(Exercise inputs Opens)
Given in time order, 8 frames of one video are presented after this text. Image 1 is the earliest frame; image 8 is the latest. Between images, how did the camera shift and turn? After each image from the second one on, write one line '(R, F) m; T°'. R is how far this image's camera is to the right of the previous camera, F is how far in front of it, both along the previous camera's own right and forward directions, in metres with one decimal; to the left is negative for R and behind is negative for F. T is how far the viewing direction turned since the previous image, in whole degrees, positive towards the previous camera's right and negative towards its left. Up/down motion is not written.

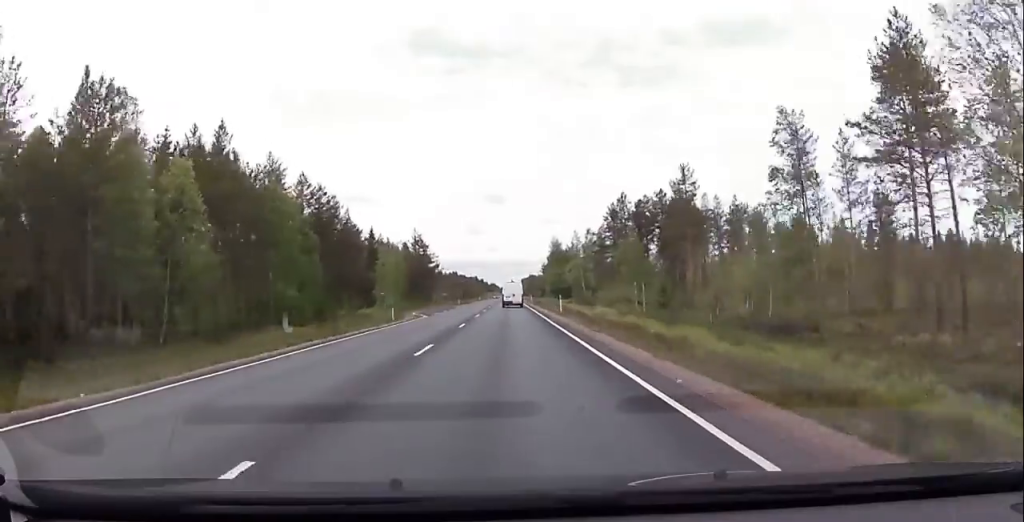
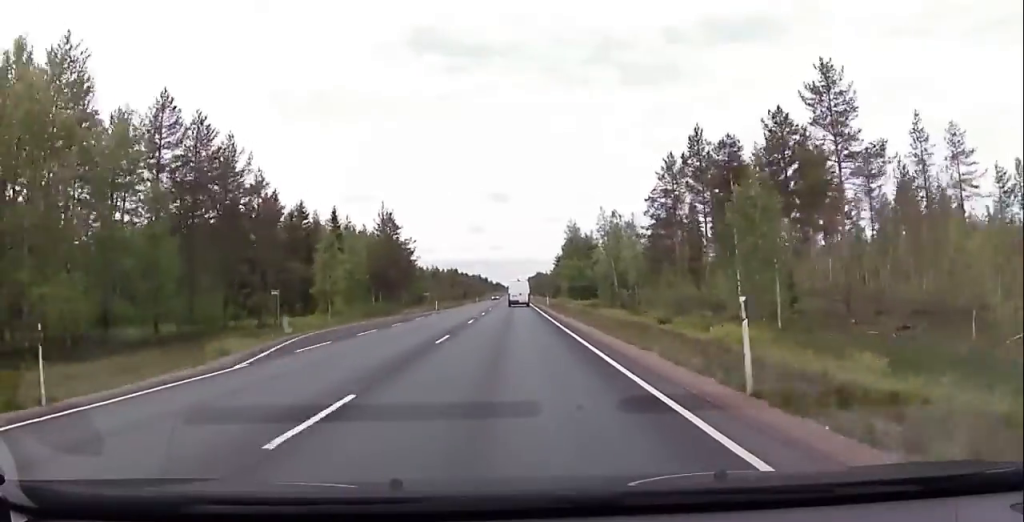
(0.0, +32.4) m; -1°
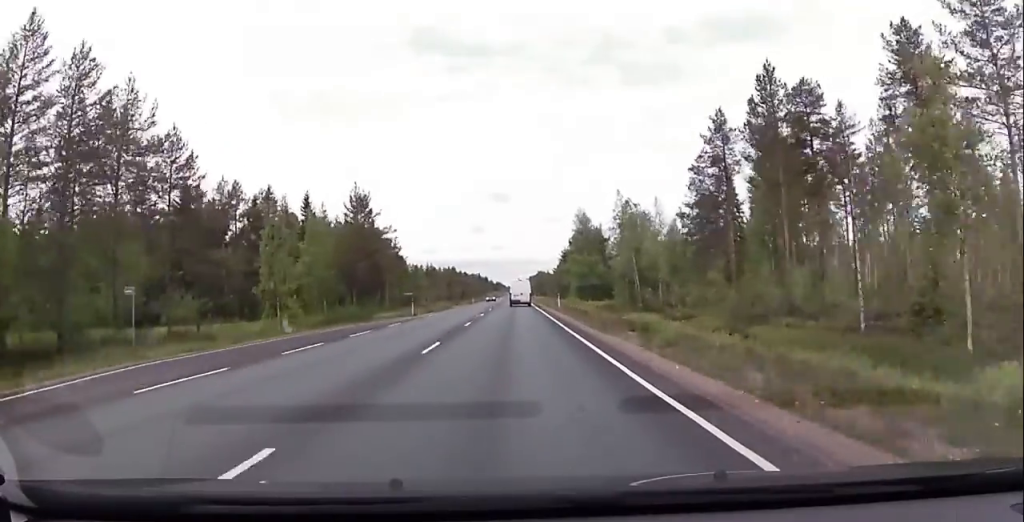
(-0.2, +15.0) m; 0°
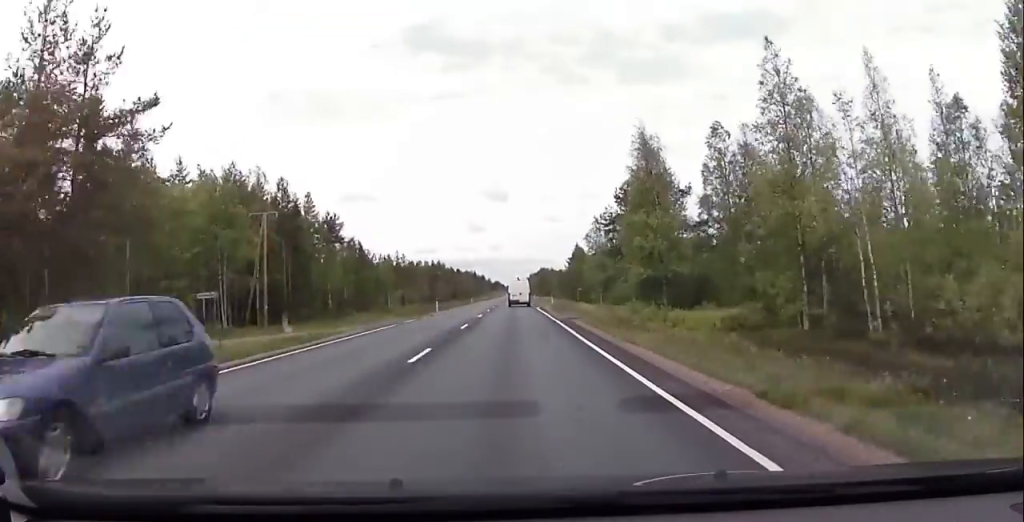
(+0.5, +49.7) m; +1°
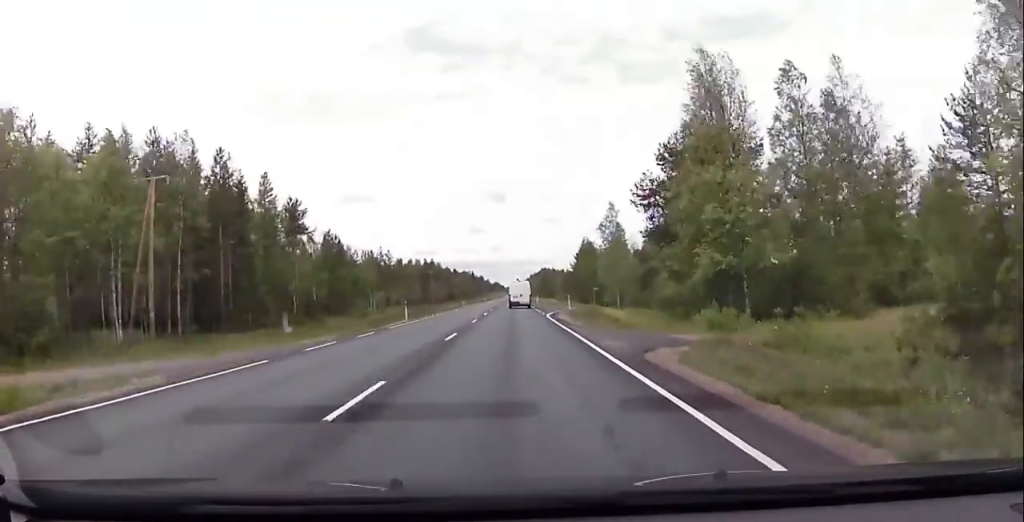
(0.0, +17.4) m; 0°
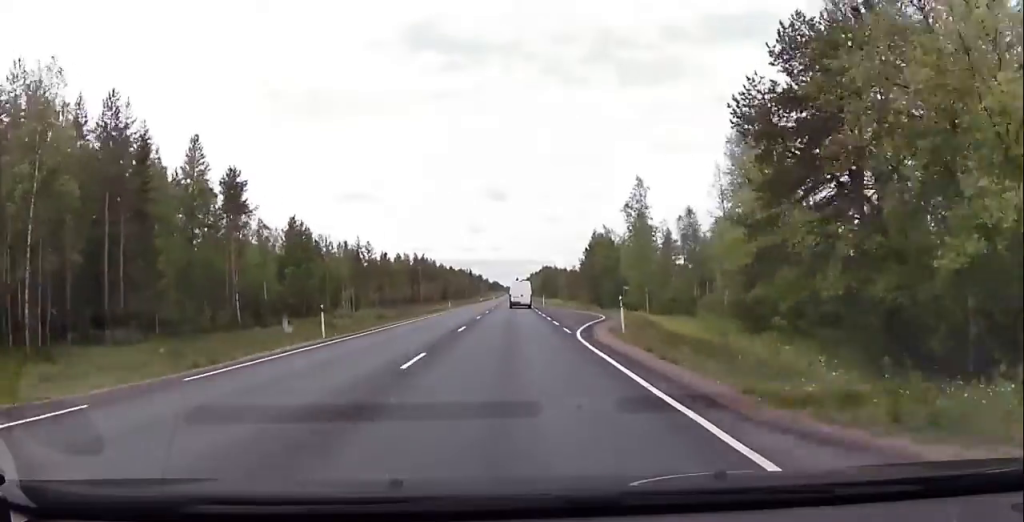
(0.0, +19.1) m; 0°
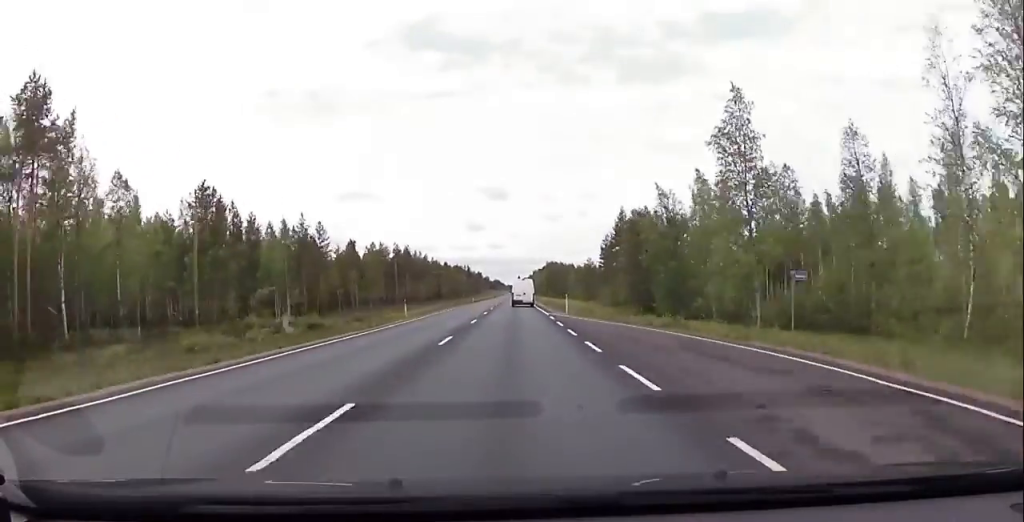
(-0.2, +30.7) m; -1°
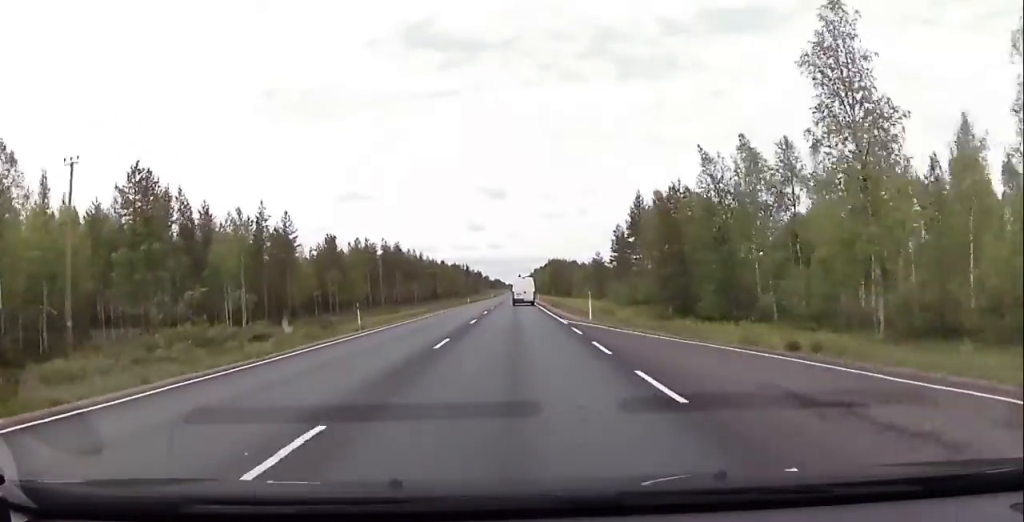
(Exercise inputs Closes)
_Task goal_:
All the records above need to be given again word for word. Skip the pictures.

_Written response_:
Given in time order, 8 frames of one video are presented after this text. Image 1 is the earliest frame; image 8 is the latest. Between images, how did the camera shift and turn? After each image from the second one on, write one line '(R, F) m; T°'. R is how far this image's camera is to the right of the previous camera, F is how far in front of it, both along the previous camera's own right and forward directions, in metres with one decimal; to the left is negative for R and behind is negative for F. T is how far the viewing direction turned since the previous image, in whole degrees, positive towards the previous camera's right and negative towards its left. Up/down motion is not written.

(0.0, +32.4) m; -1°
(-0.2, +15.0) m; 0°
(+0.5, +49.7) m; +1°
(0.0, +17.4) m; 0°
(0.0, +19.1) m; 0°
(-0.2, +30.7) m; -1°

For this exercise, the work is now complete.